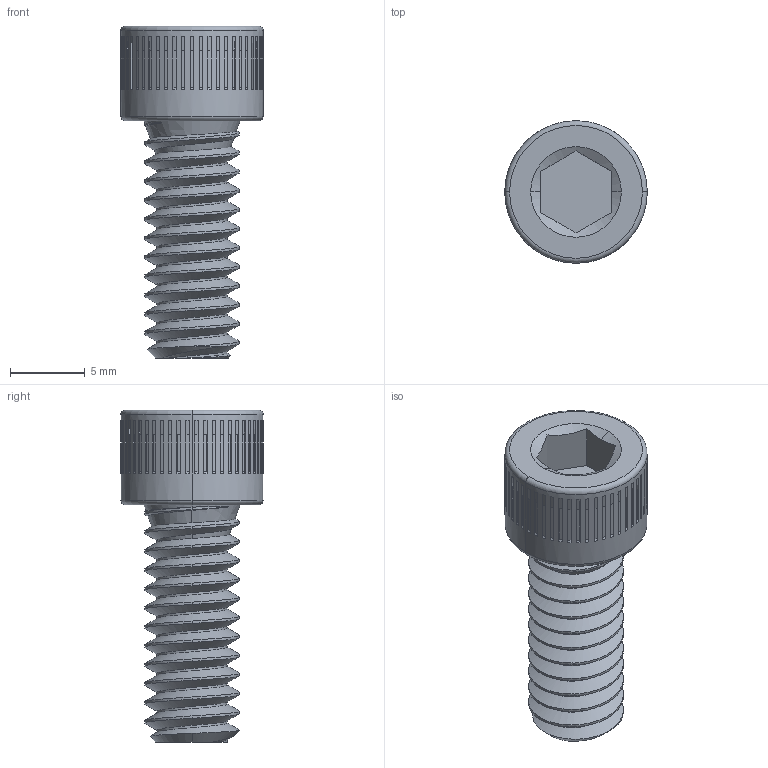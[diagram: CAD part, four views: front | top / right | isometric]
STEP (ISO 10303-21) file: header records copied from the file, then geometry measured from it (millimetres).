
FILE_DESCRIPTION (( 'STEP AP203' ), '1' );
FILE_NAME ('91251A539_Black-Oxide Alloy Steel Socket Head Screw.STEP', '2023-04-21T18:22:51', ( 'Administrator' ), ( 'Managed by Terraform' ), 'SwSTEP 2.0', 'SolidWorks 2017', '' );
FILE_SCHEMA (( 'CONFIG_CONTROL_DESIGN' ));
Length unit declared in the file: inch
Products named in the file (1): 91251A539_Black-Oxide Alloy Steel Socket Head Screw
Bounding box: 9.53 x 9.53 x 22.23 mm (x, y, z)
Volume: 775 mm3; surface area: 850.3 mm2
Topology: 1 solids, 1 shells, 404 faces, 1046 edges, 696 vertices
Faces by surface type: plane 210, cone 110, cylinder 77, torus 4, bspline 3
Entity records: 14623 total; most frequent: CARTESIAN_POINT 4532, DIRECTION 2093, ORIENTED_EDGE 2092, EDGE_CURVE 1046, AXIS2_PLACEMENT_3D 723, VERTEX_POINT 696, VECTOR 647, LINE 647
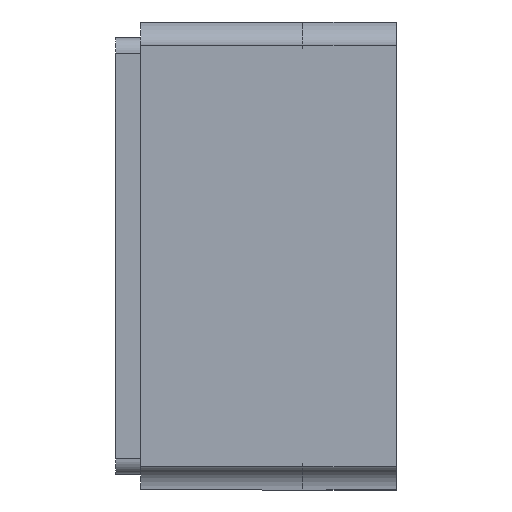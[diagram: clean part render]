
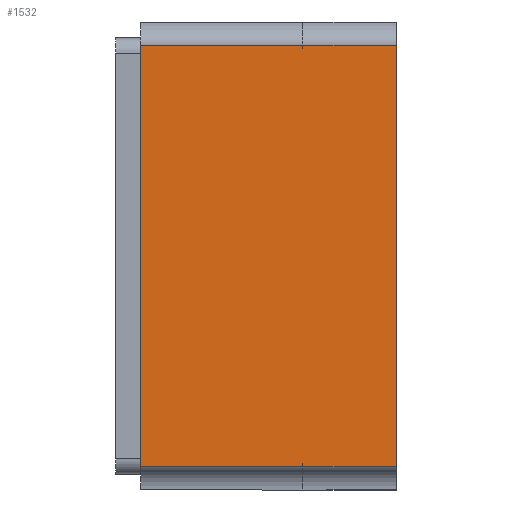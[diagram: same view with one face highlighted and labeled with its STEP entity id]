
A CAD part, left-side view. The second image highlights one B-rep face of the part: STEP entity #1532.
In plain terms, the highlighted planar face has unit normal (-1, 0, 0).
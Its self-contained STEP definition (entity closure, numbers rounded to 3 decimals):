
#2 = CARTESIAN_POINT ( 'NONE',  ( -1.6, 0.82, -0.675 ) ) ;
#123 = AXIS2_PLACEMENT_3D ( 'NONE', #529, #149, #873 ) ;
#129 = CARTESIAN_POINT ( 'NONE',  ( -1.6, 0., -0.675 ) ) ;
#134 = CARTESIAN_POINT ( 'NONE',  ( -1.6, 0.82, 0.675 ) ) ;
#139 = EDGE_CURVE ( 'NONE', #1101, #939, #2121, .T. ) ;
#149 = DIRECTION ( 'NONE',  ( 1., 0., 0. ) ) ;
#232 = LINE ( 'NONE', #2221, #884 ) ;
#285 = CARTESIAN_POINT ( 'NONE',  ( -1.6, 0.82, 0.675 ) ) ;
#389 = ORIENTED_EDGE ( 'NONE', *, *, #1294, .F. ) ;
#396 = CARTESIAN_POINT ( 'NONE',  ( -1.6, 0., 0.675 ) ) ;
#417 = EDGE_CURVE ( 'NONE', #841, #778, #885, .T. ) ;
#435 = VECTOR ( 'NONE', #1673, 1000. ) ;
#443 = ORIENTED_EDGE ( 'NONE', *, *, #773, .T. ) ;
#529 = CARTESIAN_POINT ( 'NONE',  ( -1.6, 0.82, 0.75 ) ) ;
#546 = VERTEX_POINT ( 'NONE', #2279 ) ;
#733 = FACE_OUTER_BOUND ( 'NONE', #2273, .T. ) ;
#750 = LINE ( 'NONE', #1665, #435 ) ;
#773 = EDGE_CURVE ( 'NONE', #1101, #546, #1813, .T. ) ;
#778 = VERTEX_POINT ( 'NONE', #1287 ) ;
#801 = VECTOR ( 'NONE', #2110, 1000. ) ;
#841 = VERTEX_POINT ( 'NONE', #129 ) ;
#873 = DIRECTION ( 'NONE',  ( 0., 0., -1. ) ) ;
#879 = CARTESIAN_POINT ( 'NONE',  ( -1.6, 0.3, 0.675 ) ) ;
#884 = VECTOR ( 'NONE', #2236, 1000. ) ;
#885 = LINE ( 'NONE', #2, #801 ) ;
#929 = DIRECTION ( 'NONE',  ( 0., 0., -1. ) ) ;
#939 = VERTEX_POINT ( 'NONE', #879 ) ;
#973 = ORIENTED_EDGE ( 'NONE', *, *, #139, .F. ) ;
#977 = DIRECTION ( 'NONE',  ( 0., -1., 0. ) ) ;
#991 = VECTOR ( 'NONE', #977, 1000. ) ;
#1101 = VERTEX_POINT ( 'NONE', #1261 ) ;
#1241 = LINE ( 'NONE', #285, #991 ) ;
#1261 = CARTESIAN_POINT ( 'NONE',  ( -1.6, 0.82, 0.675 ) ) ;
#1287 = CARTESIAN_POINT ( 'NONE',  ( -1.6, 0.3, -0.675 ) ) ;
#1294 = EDGE_CURVE ( 'NONE', #1768, #841, #750, .T. ) ;
#1300 = ORIENTED_EDGE ( 'NONE', *, *, #2017, .T. ) ;
#1379 = PLANE ( 'NONE',  #123 ) ;
#1532 = ADVANCED_FACE ( 'NONE', ( #733 ), #1379, .F. ) ;
#1587 = VECTOR ( 'NONE', #929, 1000. ) ;
#1665 = CARTESIAN_POINT ( 'NONE',  ( -1.6, 0., 0.75 ) ) ;
#1673 = DIRECTION ( 'NONE',  ( 0., 0., -1. ) ) ;
#1756 = VECTOR ( 'NONE', #2050, 1000. ) ;
#1768 = VERTEX_POINT ( 'NONE', #396 ) ;
#1813 = LINE ( 'NONE', #1960, #1587 ) ;
#1960 = CARTESIAN_POINT ( 'NONE',  ( -1.6, 0.82, 0. ) ) ;
#1961 = EDGE_CURVE ( 'NONE', #939, #1768, #1241, .T. ) ;
#2012 = ORIENTED_EDGE ( 'NONE', *, *, #417, .F. ) ;
#2017 = EDGE_CURVE ( 'NONE', #546, #778, #232, .T. ) ;
#2050 = DIRECTION ( 'NONE',  ( 0., -1., 0. ) ) ;
#2110 = DIRECTION ( 'NONE',  ( 0., 1., 0. ) ) ;
#2121 = LINE ( 'NONE', #134, #1756 ) ;
#2210 = ORIENTED_EDGE ( 'NONE', *, *, #1961, .F. ) ;
#2221 = CARTESIAN_POINT ( 'NONE',  ( -1.6, -0.08, -0.675 ) ) ;
#2236 = DIRECTION ( 'NONE',  ( 0., -1., 0. ) ) ;
#2273 = EDGE_LOOP ( 'NONE', ( #1300, #2012, #389, #2210, #973, #443 ) ) ;
#2279 = CARTESIAN_POINT ( 'NONE',  ( -1.6, 0.82, -0.675 ) ) ;
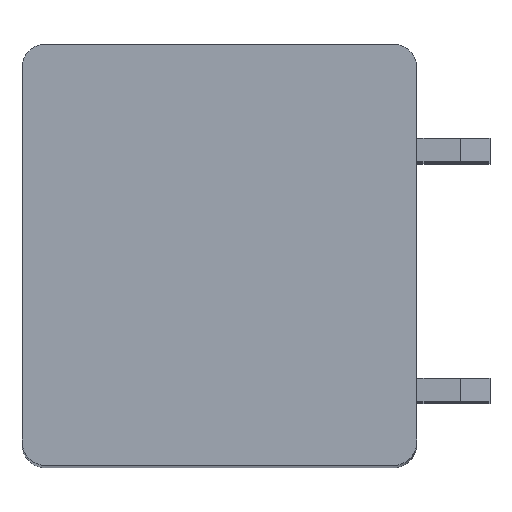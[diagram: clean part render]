
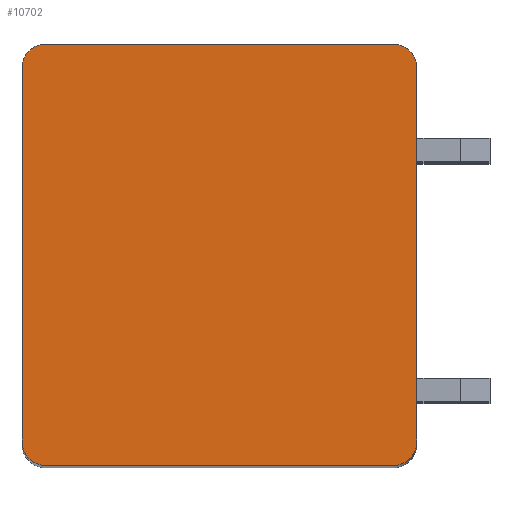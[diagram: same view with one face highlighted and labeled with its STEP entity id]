
A CAD part, top view. The second image highlights one B-rep face of the part: STEP entity #10702.
In plain terms, the highlighted planar face has unit normal (0, 0, 1).
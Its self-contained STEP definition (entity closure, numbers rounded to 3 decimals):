
#1173=CARTESIAN_POINT('',(-5.95,6.4,1.75));
#1174=DIRECTION('',(0.,0.,1.));
#1175=DIRECTION('',(0.,1.,0.));
#1176=AXIS2_PLACEMENT_3D('',#1173,#1174,#1175);
#1178=DIRECTION('',(-1.,0.,0.));
#1179=VECTOR('',#1178,11.9);
#1180=CARTESIAN_POINT('',(5.95,7.2,1.75));
#1181=LINE('',#1180,#1179);
#1182=CARTESIAN_POINT('',(5.95,6.4,1.75));
#1183=DIRECTION('',(0.,0.,1.));
#1184=DIRECTION('',(1.,0.,0.));
#1185=AXIS2_PLACEMENT_3D('',#1182,#1183,#1184);
#1187=DIRECTION('',(0.,1.,0.));
#1188=VECTOR('',#1187,12.8);
#1189=CARTESIAN_POINT('',(6.75,-6.4,1.75));
#1190=LINE('',#1189,#1188);
#1191=CARTESIAN_POINT('',(5.95,-6.4,1.75));
#1192=DIRECTION('',(0.,0.,1.));
#1193=DIRECTION('',(0.,-1.,0.));
#1194=AXIS2_PLACEMENT_3D('',#1191,#1192,#1193);
#1196=DIRECTION('',(1.,0.,0.));
#1197=VECTOR('',#1196,11.9);
#1198=CARTESIAN_POINT('',(-5.95,-7.2,1.75));
#1199=LINE('',#1198,#1197);
#1200=CARTESIAN_POINT('',(-5.95,-6.4,1.75));
#1201=DIRECTION('',(0.,0.,1.));
#1202=DIRECTION('',(-1.,0.,0.));
#1203=AXIS2_PLACEMENT_3D('',#1200,#1201,#1202);
#1205=DIRECTION('',(0.,-1.,0.));
#1206=VECTOR('',#1205,12.8);
#1207=CARTESIAN_POINT('',(-6.75,6.4,1.75));
#1208=LINE('',#1207,#1206);
#8035=CARTESIAN_POINT('',(-5.95,7.2,1.75));
#8036=VERTEX_POINT('',#8035);
#8037=CARTESIAN_POINT('',(-6.75,6.4,1.75));
#8038=VERTEX_POINT('',#8037);
#8043=CARTESIAN_POINT('',(6.75,6.4,1.75));
#8044=VERTEX_POINT('',#8043);
#8045=CARTESIAN_POINT('',(5.95,7.2,1.75));
#8046=VERTEX_POINT('',#8045);
#8051=CARTESIAN_POINT('',(-6.75,-6.4,1.75));
#8052=VERTEX_POINT('',#8051);
#8053=CARTESIAN_POINT('',(-5.95,-7.2,1.75));
#8054=VERTEX_POINT('',#8053);
#8059=CARTESIAN_POINT('',(5.95,-7.2,1.75));
#8060=VERTEX_POINT('',#8059);
#8061=CARTESIAN_POINT('',(6.75,-6.4,1.75));
#8062=VERTEX_POINT('',#8061);
#10687=CARTESIAN_POINT('',(0.,0.,1.75));
#10688=DIRECTION('',(0.,0.,1.));
#10689=DIRECTION('',(1.,0.,0.));
#10690=AXIS2_PLACEMENT_3D('',#10687,#10688,#10689);
#10691=PLANE('',#10690);
#10692=ORIENTED_EDGE('',*,*,#9959,.F.);
#10693=ORIENTED_EDGE('',*,*,#9975,.F.);
#10694=ORIENTED_EDGE('',*,*,#10352,.F.);
#10695=ORIENTED_EDGE('',*,*,#10367,.F.);
#10696=ORIENTED_EDGE('',*,*,#10640,.F.);
#10697=ORIENTED_EDGE('',*,*,#10653,.F.);
#10698=ORIENTED_EDGE('',*,*,#10668,.F.);
#10699=ORIENTED_EDGE('',*,*,#10680,.F.);
#10700=EDGE_LOOP('',(#10692,#10693,#10694,#10695,#10696,#10697,#10698,#10699));
#10701=FACE_OUTER_BOUND('',#10700,.F.);
#1177=CIRCLE('',#1176,0.8);
#1186=CIRCLE('',#1185,0.8);
#1195=CIRCLE('',#1194,0.8);
#1204=CIRCLE('',#1203,0.8);
#9959=EDGE_CURVE('',#8036,#8038,#1177,.T.);
#9975=EDGE_CURVE('',#8046,#8036,#1181,.T.);
#10352=EDGE_CURVE('',#8044,#8046,#1186,.T.);
#10367=EDGE_CURVE('',#8062,#8044,#1190,.T.);
#10640=EDGE_CURVE('',#8060,#8062,#1195,.T.);
#10653=EDGE_CURVE('',#8054,#8060,#1199,.T.);
#10668=EDGE_CURVE('',#8052,#8054,#1204,.T.);
#10680=EDGE_CURVE('',#8038,#8052,#1208,.T.);
#10702=ADVANCED_FACE('',(#10701),#10691,.T.);

→ Work to be completed:
Each line above that contains the word "second" should be returned.

→ Exercise result:
A CAD part, left-side view. The second image highlights one B-rep face of the part: STEP entity #1532.
A CAD part, top view. The second image highlights one B-rep face of the part: STEP entity #10702.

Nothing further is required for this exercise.